Q1. Did any of the 5 main proxy advisers - ACSI, Ownership Matters, Glass Lewis, ISS and ASA - recommend a vote against any of today's resolutions, including this remuneration report item? If so, what reasons did they give? Please don't say they are confidential. It is standard for companies to be across this detail on the voting recommendations and inform shareholders where relevant. Also, at next year's AGM will you disclose the proxy position to the ASX along with the formal addresses in line with emerging market practice in order to inform the market in a more timely manner. Otherwise, we are left asking questions in the dark, unaware if the big end of town investors and their proxy advisers have any concerns that us retail investors should be able to discuss.
Answer: The chair said everyone was in favour except ASA which recommended against item 7, related to leaving entitlements for executives.

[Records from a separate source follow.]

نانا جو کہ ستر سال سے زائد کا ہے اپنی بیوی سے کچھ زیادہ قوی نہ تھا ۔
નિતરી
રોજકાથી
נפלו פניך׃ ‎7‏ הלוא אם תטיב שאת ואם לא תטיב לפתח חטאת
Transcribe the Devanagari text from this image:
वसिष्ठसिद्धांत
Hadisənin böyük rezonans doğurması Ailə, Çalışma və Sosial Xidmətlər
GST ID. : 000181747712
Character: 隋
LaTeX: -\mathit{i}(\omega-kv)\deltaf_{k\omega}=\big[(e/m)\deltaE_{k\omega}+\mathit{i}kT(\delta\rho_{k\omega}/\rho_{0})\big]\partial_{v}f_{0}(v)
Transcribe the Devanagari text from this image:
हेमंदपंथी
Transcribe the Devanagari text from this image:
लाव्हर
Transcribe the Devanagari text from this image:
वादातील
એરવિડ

Watch video of exchange via Twitter, plus these extra comments rejecting early proxy votes disclosure.
Q2. At the past two AGMs, I've asked the South32 directors to bring forward a constitutional amendment which regularises the requirements for external candidates nominating for the board, by removing the current excessive barrier to entry which requires a candidate to secure nominating support from 100 shareholders or support from holders of 5% of issued capital, just to get on the ballot. This entrenchment provision makes it practically impossible for the board to face competition for their positions and, therefore, reduces accountability. Less than 5% of ASX listed companies have such a provision and if any company attempted to install it, it would be voted down by the shareholders and proxy advisers. Please name other ASX100 companies which operate with this provision. Why won't you operate like a normal ASX listed company instead of sticking with this undemocratic provision slipped into the constitution by the BHP directors at the time of the demerger just because they were annoyed that I ran for the BHP board in 2009 as part of a successful campaign to pressure them to walk away from the foolish proposed takeover of Rio Tinto.
Answer: The chair Karen Wood once again didn't give any ground, claiming a lack of demand from shareholders. Watch video of exchange via Twitter.

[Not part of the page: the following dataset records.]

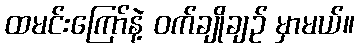
ထမင်းကြော်နဲ့ ဝက်ချိုချဉ် မှာမယ်။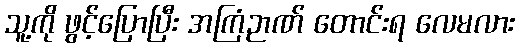
သူ့ကို ဖွင့်ပြောပြီး အကြံဉာဏ် တောင်းရ လေမလား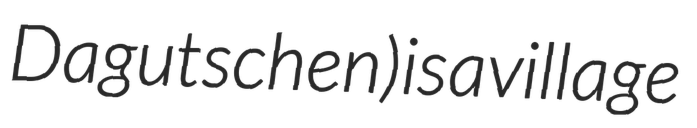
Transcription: Dagutschen) is a village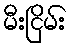
မီးငြိမ်း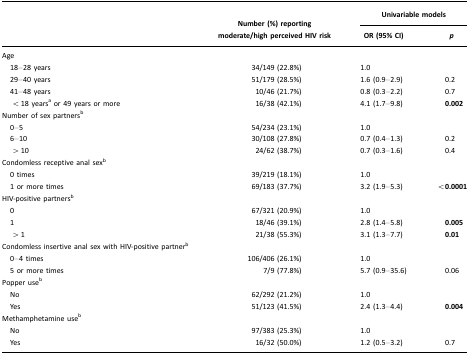
<table><thead><tr><td></td><td rowspan="3"><b>Number (%) reporting moderate/high perceived HIV risk</b></td><td colspan="2"><b>Univariable models</b></td></tr><tr><td></td><td><b>OR (95% CI)</b></td><td><b><i>p</i></b></td></tr></thead><tbody><tr><td>Age</td><td></td><td></td><td></td></tr><tr><td> 18–28 years</td><td>34/149 (22.8%)</td><td>1.0</td><td></td></tr><tr><td> 29–40 years</td><td>51/179 (28.5%)</td><td>1.6 (0.9–2.9)</td><td>0.2</td></tr><tr><td> 41–48 years</td><td>10/46 (21.7%)</td><td>0.8 (0.3–2.2)</td><td>0.7</td></tr><tr><td>&lt; 18 yearsa or 49 years or more</td><td>16/38 (42.1%)</td><td>4.1 (1.7–9.8)</td><td><b>0.002</b></td></tr><tr><td>Number of sex partnersb</td><td></td><td></td><td></td></tr><tr><td> 0–5</td><td>54/234 (23.1%)</td><td>1.0</td><td></td></tr><tr><td> 6–10</td><td>30/108 (27.8%)</td><td>0.7 (0.4–1.3)</td><td>0.2</td></tr><tr><td>&gt; 10</td><td>24/62 (38.7%)</td><td>0.7 (0.3–1.6)</td><td>0.4</td></tr><tr><td>Condomless receptive anal sexb</td><td></td><td></td><td></td></tr><tr><td> 0 times</td><td>39/219 (18.1%)</td><td>1.0</td><td></td></tr><tr><td> 1 or more times</td><td>69/183 (37.7%)</td><td>3.2 (1.9–5.3)</td><td>&lt;<b>0.0001</b></td></tr><tr><td>HIV-positive partnersb</td><td></td><td></td><td></td></tr><tr><td> 0</td><td>67/321 (20.9%)</td><td>1.0</td><td></td></tr><tr><td> 1</td><td>18/46 (39.1%)</td><td>2.8 (1.4–5.8)</td><td><b>0.005</b></td></tr><tr><td>&gt; 1</td><td>21/38 (55.3%)</td><td>3.1 (1.3–7.7)</td><td><b>0.01</b></td></tr><tr><td>Condomless insertive anal sex with HIV-positive partner<sup>b</sup></td><td></td><td></td><td></td></tr><tr><td> 0–4 times</td><td>106/406 (26.1%)</td><td>1.0</td><td></td></tr><tr><td> 5 or more times</td><td>7/9 (77.8%)</td><td>5.7 (0.9–35.6)</td><td>0.06</td></tr><tr><td>Popper useb</td><td></td><td></td><td></td></tr><tr><td> No</td><td>62/292 (21.2%)</td><td>1.0</td><td></td></tr><tr><td> Yes</td><td>51/123 (41.5%)</td><td>2.4 (1.3–4.4)</td><td><b>0.004</b></td></tr><tr><td>Methamphetamine useb</td><td></td><td></td><td></td></tr><tr><td> No</td><td>97/383 (25.3%)</td><td>1.0</td><td></td></tr><tr><td> Yes</td><td>16/32 (50.0%)</td><td>1.2 (0.5–3.2)</td><td>0.7</td></tr></tbody></table>

Q3. Could new director Sharon Warburton and the chair comment on the recruitment process that led to her appointment to the board. Was a head hunter involved, did the full board interview Sharon and did they interview any other candidates? Did Sharon know any of our directors before engaging with the recruitment process?
Answer: The chair gave a detailed response at first and then Sharon Warburton explained what a small town Perth was.
Q4. In 2019, ASX50 company Treasury Wine Estates voluntarily moved to annual elections for directors in line with best practice that occurs in both the US and the UK. Dual listed companies like News Corp and Rio Tinto all do this due to the laws in the US and UK and BHP has continued doing it even after its UK DLC ended in 2021. Given that our old parent company BHP is voluntarily doing annual elections of directors, could re-election candidate Wayne Osborne and chair Karen Wood, the former BHP company secretary, both comment on whether they are prepared to examine a switch to the impressive annual elections model adopted by the likes of BHP, Rio Tinto and TWE. Do they agree that this model better respects shareholder authority when it comes to director selection?
Answer: The chair experienced annual elections at BHP and isn't opposed in principle, but doesn't sounds like it's going to happen at South32. Watch video of exchange via Twitter.
Q5. Having been in the job for almost 10 years, could CEO Graham Kerr summarise his past LTI grants as to whether they have vested or lapsed. Also, has he ever sold any ordinary shares in the company or bought any on market without relying on an incentive scheme to build his equity position in the company? Please don't say look it up in the annual report and through ASX announcements. It's complicated and the CEO could factually summarise the situation in 60 seconds.
Answer: The chair handed it straight over and then Graham Kerr gave a good accurate answer. He started with 100% then went 4 years when nothing vested before it started paying about last year. Watch video of exchange via Twitter.
Q6. The annual report says that we have 247,003 shareholders but less than 2% of them will have voted today. Politicians wouldn't tolerate a 98% no show in elections, so why do we? One way of tackling chronically low retail shareholder voting rates is to disclose how many shareholders actually voted for and against each item of business, like with a scheme of arrangement. Tabcorp did this yesterday. Even the ASX and Qantas embraced this practice last year. You have the data on how many of us voted, so why not disclose it to the market with the poll results, if only to provide some public ventilation of retail shareholder sentiment. It will also be interesting to see how the ASA decision to vote its hundreds of undirected proxies against this leaving entitlements item changes the overall numbers when compared with the other items of business. You've said no to most of my governance and transparency requests today, please be generous and give me a small win on this one.